Intervention de Dominique Orliac

Séance en hémicycle du 8 novembre 2013 à 15h00
Loi de finances pour 2014 — Administration générale et territoriale de l'État

Photo issue du site de l'Assemblée nationale ou de WikipediaDominique Orliac, rapporteure pour avis de la commission des affaires sociales :

Madame la présidente, madame la ministre, monsieur le ministre délégué, mes chers collègues, c’est en tant que rapporteur pour avis sur les crédits du programme 177 « Prévention de l’exclusion et insertion des personnes vulnérables » que j’exprimerai tout d’abord ma satisfaction. En effet, les crédits du programme 177 atteindront en 2014 un niveau réaliste dès la loi de finances initiale. Il s’agit ici d’une véritable rupture avec les années précédentes, marquées par l’insécurité budgétaire chronique de ce programme. Comme vous l’avez dit, madame la ministre, nous nous trouvons dans une situation budgétaire contrainte. Le programme 177 voit cependant ses crédits progresser de 9 % à périmètre constant, soit 108 millions d’euros, ce qui traduit une politique volontariste en matière d’insertion des personnes sans-abri ou mal logées.

Je me félicite des mesures annoncées en janvier dernier dans le plan quinquennal de lutte contre la pauvreté, déjà mises en oeuvre pour la plupart et reconduites en 2014 : création ou pérennisation de places en centres d’hébergement et en logement adapté, renforcement des services intégrés d’accueil et d’orientation, revalorisation de l’aide à la gestion locative sociale versée aux résidences sociales. Toutefois, certains arbitrages gouvernementaux ne me semblent pas favoriser une meilleure prévention de l’exclusion. Ainsi, l’article 64 du projet de loi de finances pour 2014 gèle le barème des aides personnelles au logement, ce qui fragilisera nécessairement les personnes les plus démunies. Une avancée en la matière serait vraiment la bienvenue.

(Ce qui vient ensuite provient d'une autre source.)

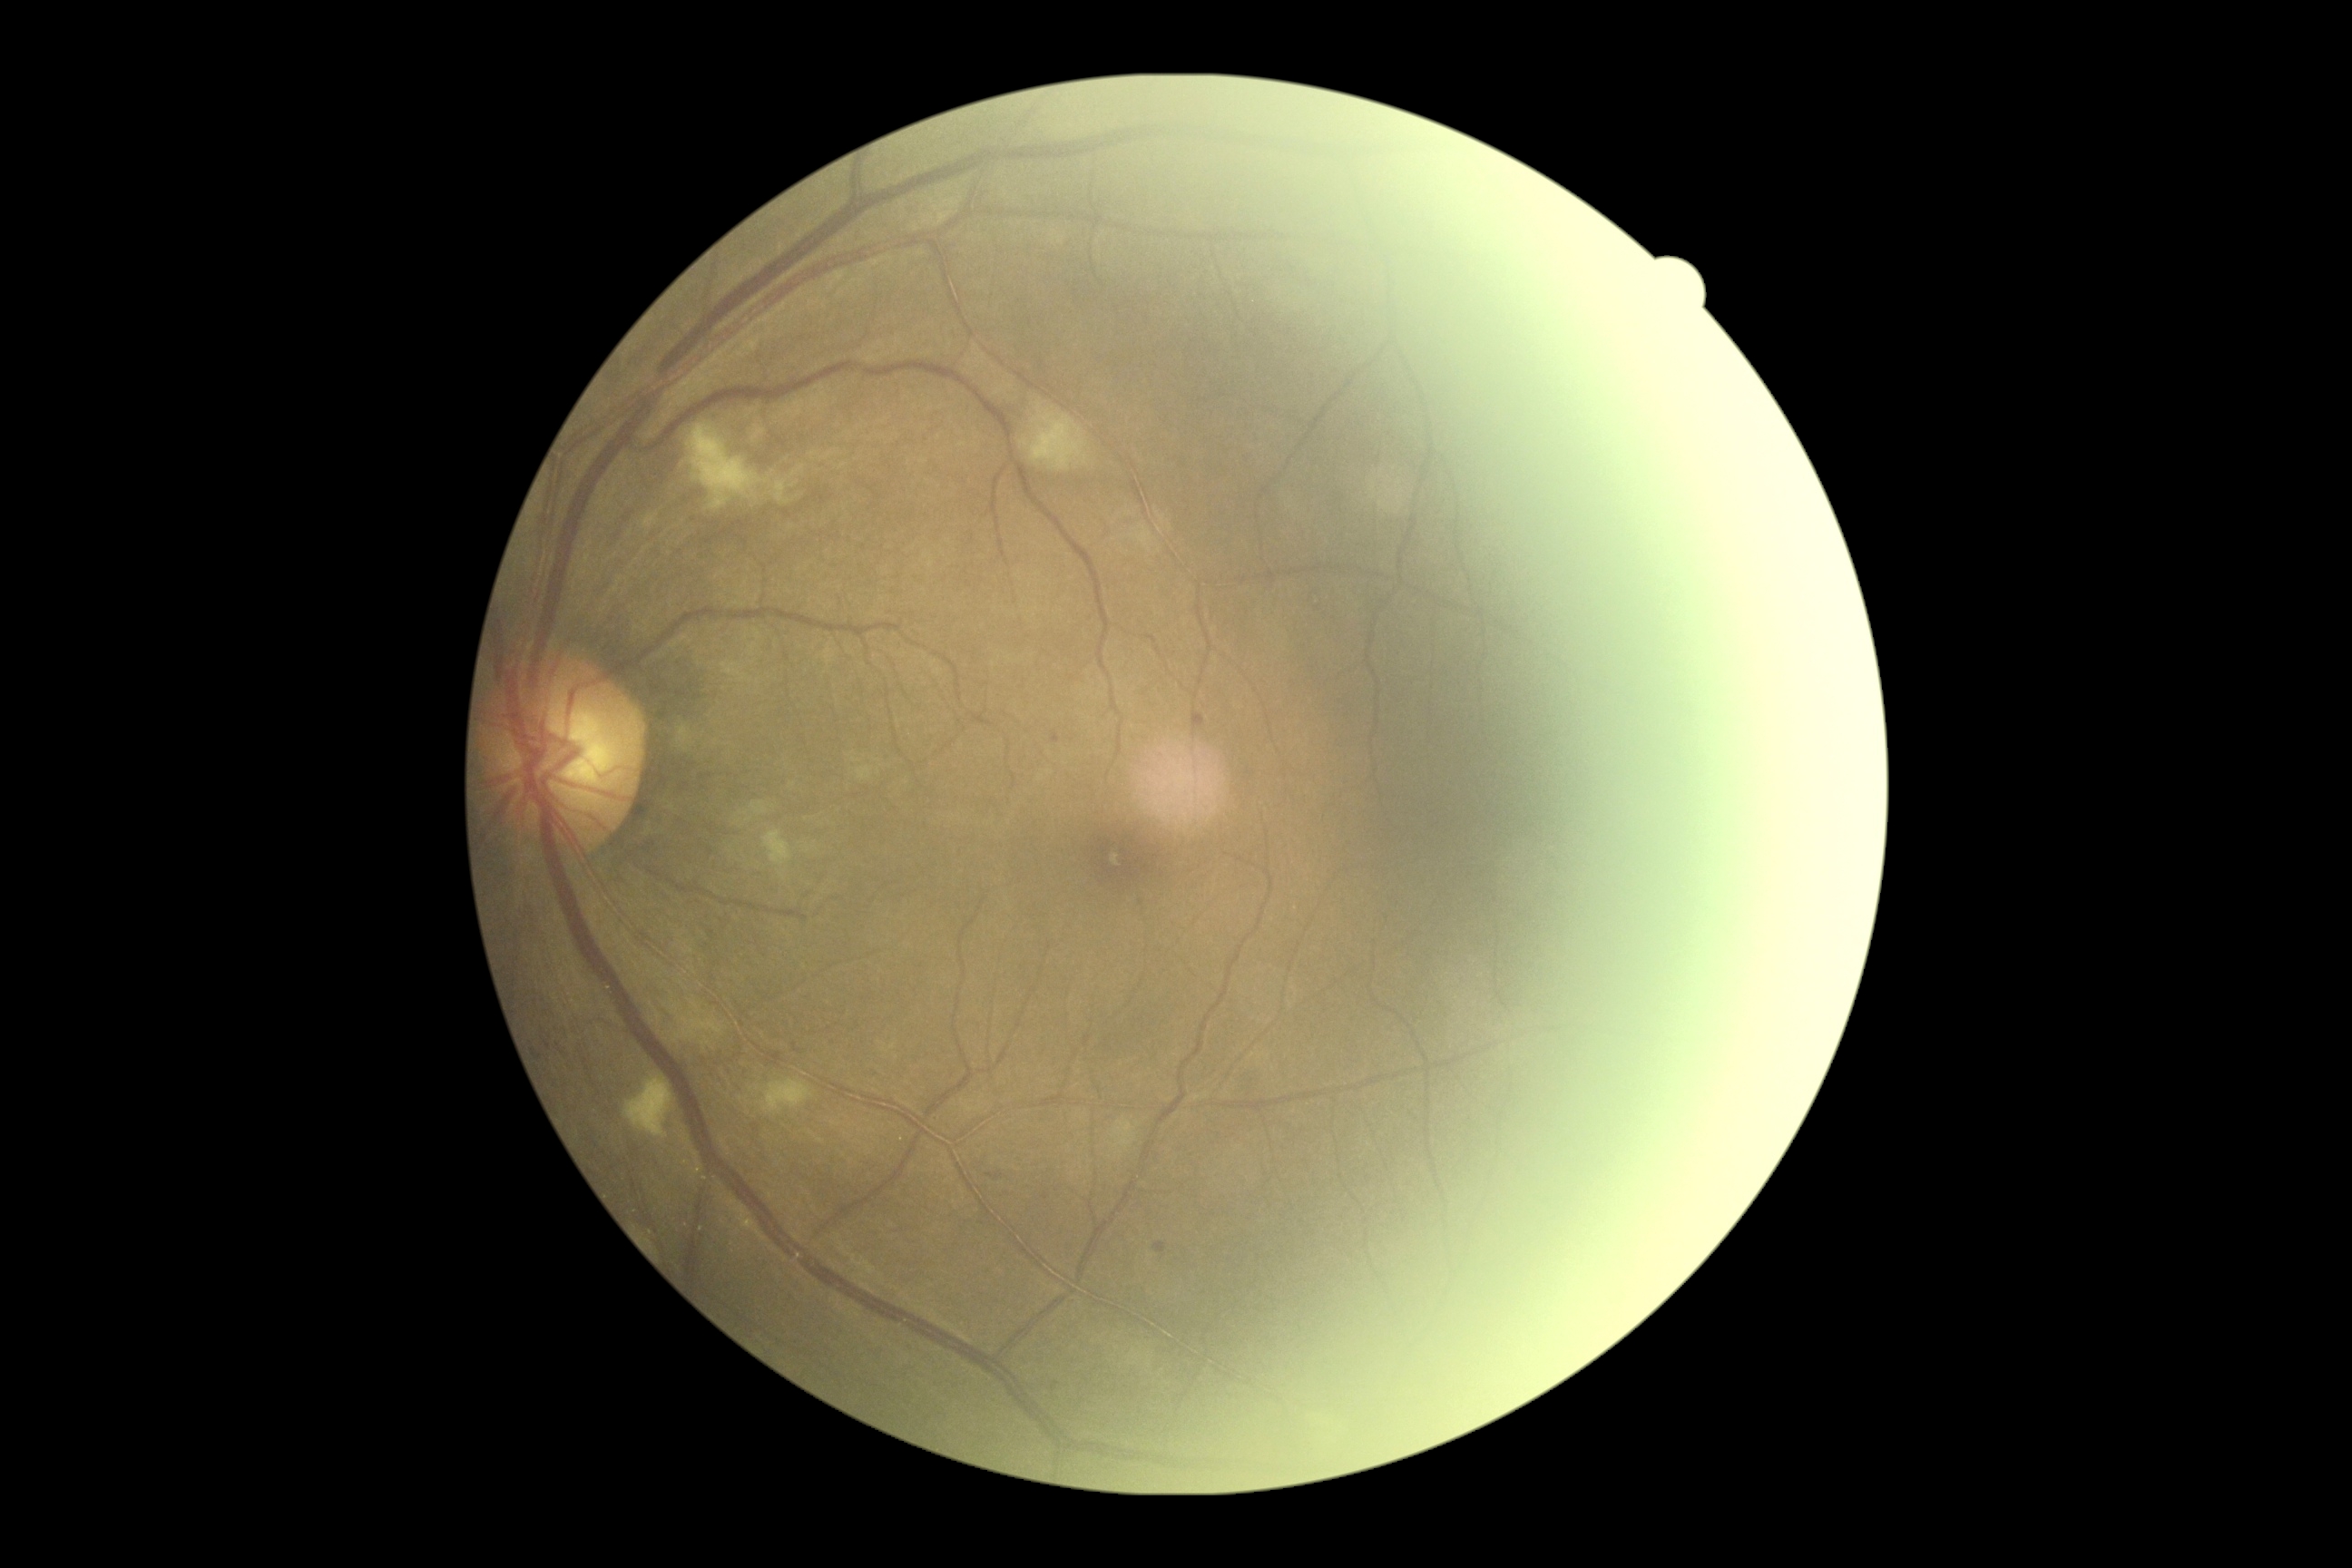
retinopathy grade = 2 (moderate NPDR)

Les crédits alloués aux centres sociaux dans le cadre du fonds de coopération de la jeunesse et de l’éducation populaire seront maintenus à leur niveau de 2013. Ils avaient été drastiquement réduits, de près de 60 %, par l’ancienne majorité, au détriment de l’action quotidienne de très grande qualité menée par les centres sociaux en matière de prévention de l’exclusion. Pour faire face à l’urgence sociale, le nombre de places d’hébergement a fortement progressé depuis 2008. La tendance a été confirmée par l’actuel gouvernement dans le cadre du plan de lutte contre la pauvreté, qui prévoit la création ou la pérennisation de 5 000 places d’hébergement. Je déplore cependant que les places d’hébergement créées ou pérennisées relèvent uniquement de l’urgence, c’est-à-dire la mise à l’abri immédiate des personnes, au détriment des places d’insertion qui pourtant offrent un meilleur service et surtout obtiennent de meilleurs résultats.

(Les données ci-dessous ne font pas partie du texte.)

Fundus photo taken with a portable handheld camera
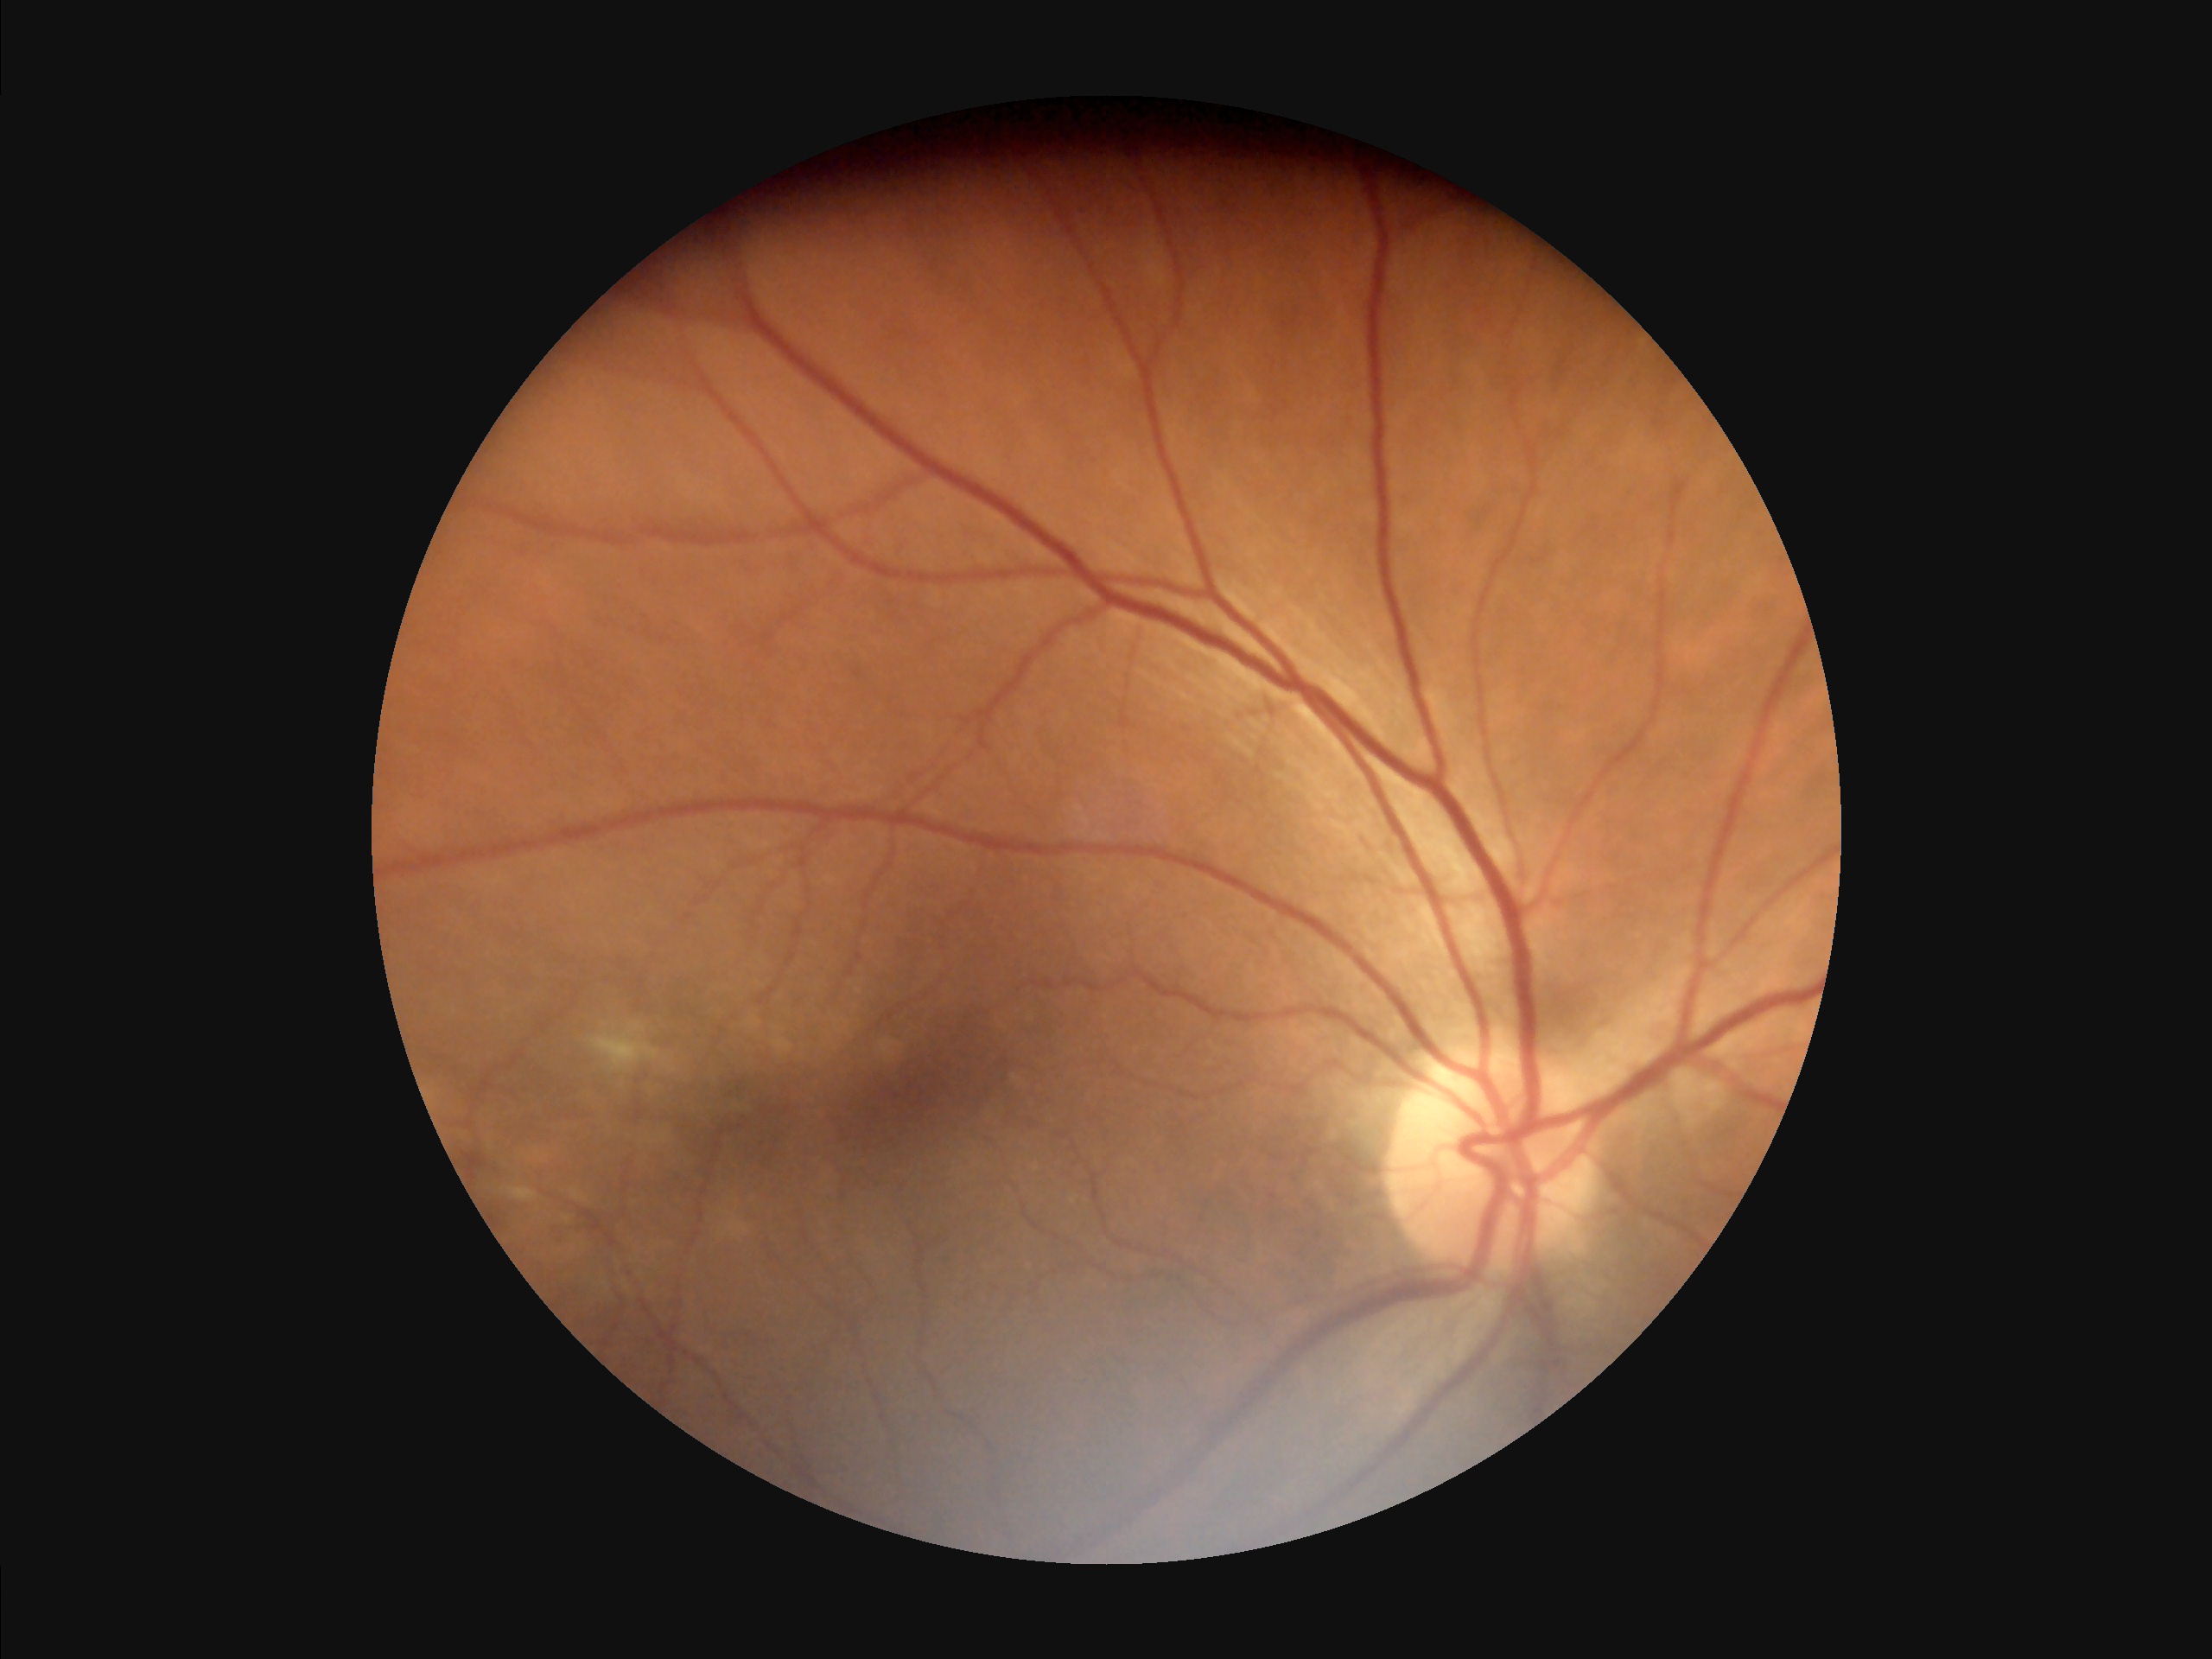 {
  "overall_quality": "satisfactory",
  "contrast": "good",
  "illumination": "even"
}

Il faut impérativement freiner la croissance exponentielle des dépenses de nuitées hôtelières, dont le nombre a doublé entre 2008 et 2012, et augmenter les places d’insertion. Au sein des structures d’insertion, les centres d’hébergement et de réinsertion sociale, auxquels j’ai choisi de m’intéresser plus précisément cette année, sont dans une situation paradoxale. Ils disposent de plus de 39 000 places, ce qui en fait les premiers hébergeurs du pays, et assurent un service de qualité qui s’avère performant en termes d’insertion. Toutefois, leur poids régresse au profit des centres d’hébergement d’urgence et des hôtels, en raison de la stagnation du nombre de places d’insertion financées par l’État. Pourtant, les structures d’insertion existantes sont largement saturées. À titre d’exemple, le SIAO-insertion de Paris n’a pu répondre favorablement qu’à une demande d’hébergement sur dix en 2012.

Si la création de places d’urgence est tout à fait souhaitable afin de ne pas laisser des personnes à la rue sans autre solution, elle ne doit pas se faire au détriment des places d’insertion. La fragilisation des CHRS est accentuée par la diminution continue des dotations globales de fonctionnement qui leur sont allouées, sur la base d’une convergence tarifaire tirant l’ensemble des structures vers le bas et ne tenant aucun compte du service rendu ni des performances sociales des établissements. Il convient de renforcer les CHRS, qui garantissent statutairement un droit à un accompagnement social de qualité faisant souvent défaut dans les structures d’urgence. Le modèle du CHRS devrait servir de base à l’émergence d’un statut unique des centres d’hébergement, que la plupart des opérateurs appellent de leurs voeux, afin de dépasser la traditionnelle distinction entre urgence et insertion et offrir à tous les usagers un accompagnement social dès leur prise en charge.